» **What is expected**
For the word "Supported", count the lines of the listing that contain it and give only the count.

+ + +

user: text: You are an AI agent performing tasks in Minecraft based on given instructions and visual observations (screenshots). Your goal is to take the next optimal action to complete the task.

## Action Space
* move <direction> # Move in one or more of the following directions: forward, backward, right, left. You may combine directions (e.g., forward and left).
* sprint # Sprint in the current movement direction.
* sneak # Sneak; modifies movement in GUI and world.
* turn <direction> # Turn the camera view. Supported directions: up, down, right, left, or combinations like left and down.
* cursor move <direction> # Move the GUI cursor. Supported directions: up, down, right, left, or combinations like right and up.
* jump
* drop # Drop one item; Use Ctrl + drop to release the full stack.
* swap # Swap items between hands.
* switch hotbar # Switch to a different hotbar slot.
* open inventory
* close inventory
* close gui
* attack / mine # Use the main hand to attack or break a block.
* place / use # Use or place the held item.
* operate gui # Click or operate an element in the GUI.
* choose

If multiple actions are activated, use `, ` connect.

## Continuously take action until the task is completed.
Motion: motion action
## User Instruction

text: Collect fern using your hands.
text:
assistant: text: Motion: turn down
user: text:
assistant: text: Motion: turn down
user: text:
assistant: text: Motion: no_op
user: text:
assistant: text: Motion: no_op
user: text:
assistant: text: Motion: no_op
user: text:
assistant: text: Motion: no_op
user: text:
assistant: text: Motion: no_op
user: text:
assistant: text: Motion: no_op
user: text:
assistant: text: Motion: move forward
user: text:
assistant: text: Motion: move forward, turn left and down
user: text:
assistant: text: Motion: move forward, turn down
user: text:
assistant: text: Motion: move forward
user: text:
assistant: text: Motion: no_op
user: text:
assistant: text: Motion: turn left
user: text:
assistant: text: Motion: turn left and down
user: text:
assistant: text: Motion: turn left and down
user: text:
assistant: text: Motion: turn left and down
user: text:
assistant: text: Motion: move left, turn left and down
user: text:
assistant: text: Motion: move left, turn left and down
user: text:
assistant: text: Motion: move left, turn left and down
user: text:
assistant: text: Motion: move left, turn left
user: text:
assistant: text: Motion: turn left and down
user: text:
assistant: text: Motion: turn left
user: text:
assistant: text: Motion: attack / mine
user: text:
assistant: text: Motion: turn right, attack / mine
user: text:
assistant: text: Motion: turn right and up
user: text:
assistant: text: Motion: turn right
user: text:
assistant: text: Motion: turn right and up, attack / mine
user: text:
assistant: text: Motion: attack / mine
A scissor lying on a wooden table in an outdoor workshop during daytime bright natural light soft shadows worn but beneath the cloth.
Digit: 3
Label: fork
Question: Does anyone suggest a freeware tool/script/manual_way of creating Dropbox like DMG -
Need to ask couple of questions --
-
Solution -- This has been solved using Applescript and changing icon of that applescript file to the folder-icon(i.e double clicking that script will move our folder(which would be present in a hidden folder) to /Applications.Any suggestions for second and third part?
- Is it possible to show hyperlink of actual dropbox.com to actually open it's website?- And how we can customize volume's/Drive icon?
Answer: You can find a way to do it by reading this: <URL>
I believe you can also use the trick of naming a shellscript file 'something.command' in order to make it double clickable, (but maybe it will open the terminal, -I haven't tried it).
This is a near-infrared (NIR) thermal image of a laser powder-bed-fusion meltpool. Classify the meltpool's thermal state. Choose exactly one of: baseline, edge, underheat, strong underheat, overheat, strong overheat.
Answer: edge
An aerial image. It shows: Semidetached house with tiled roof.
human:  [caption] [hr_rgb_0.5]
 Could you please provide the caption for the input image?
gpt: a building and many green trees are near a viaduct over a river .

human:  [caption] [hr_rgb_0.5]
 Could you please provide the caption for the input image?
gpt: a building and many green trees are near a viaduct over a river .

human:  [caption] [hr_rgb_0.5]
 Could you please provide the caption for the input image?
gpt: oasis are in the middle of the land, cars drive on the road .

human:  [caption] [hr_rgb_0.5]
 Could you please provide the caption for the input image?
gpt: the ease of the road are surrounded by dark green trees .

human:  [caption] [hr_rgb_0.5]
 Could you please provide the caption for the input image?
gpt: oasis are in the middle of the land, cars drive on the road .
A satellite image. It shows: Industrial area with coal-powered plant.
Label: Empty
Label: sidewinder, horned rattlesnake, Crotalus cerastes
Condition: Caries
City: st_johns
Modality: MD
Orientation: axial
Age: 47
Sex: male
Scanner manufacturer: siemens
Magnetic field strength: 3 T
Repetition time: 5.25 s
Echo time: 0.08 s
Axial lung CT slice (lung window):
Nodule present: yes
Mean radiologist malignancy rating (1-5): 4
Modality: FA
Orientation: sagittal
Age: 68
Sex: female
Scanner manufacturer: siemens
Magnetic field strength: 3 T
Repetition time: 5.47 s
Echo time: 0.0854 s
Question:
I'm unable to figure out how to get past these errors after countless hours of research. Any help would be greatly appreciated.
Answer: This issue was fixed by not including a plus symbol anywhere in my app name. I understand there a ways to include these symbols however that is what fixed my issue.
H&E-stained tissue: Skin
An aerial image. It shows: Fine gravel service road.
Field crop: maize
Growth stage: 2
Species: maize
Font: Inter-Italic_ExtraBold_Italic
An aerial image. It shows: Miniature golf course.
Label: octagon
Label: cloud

+ + +

» **Answer**
2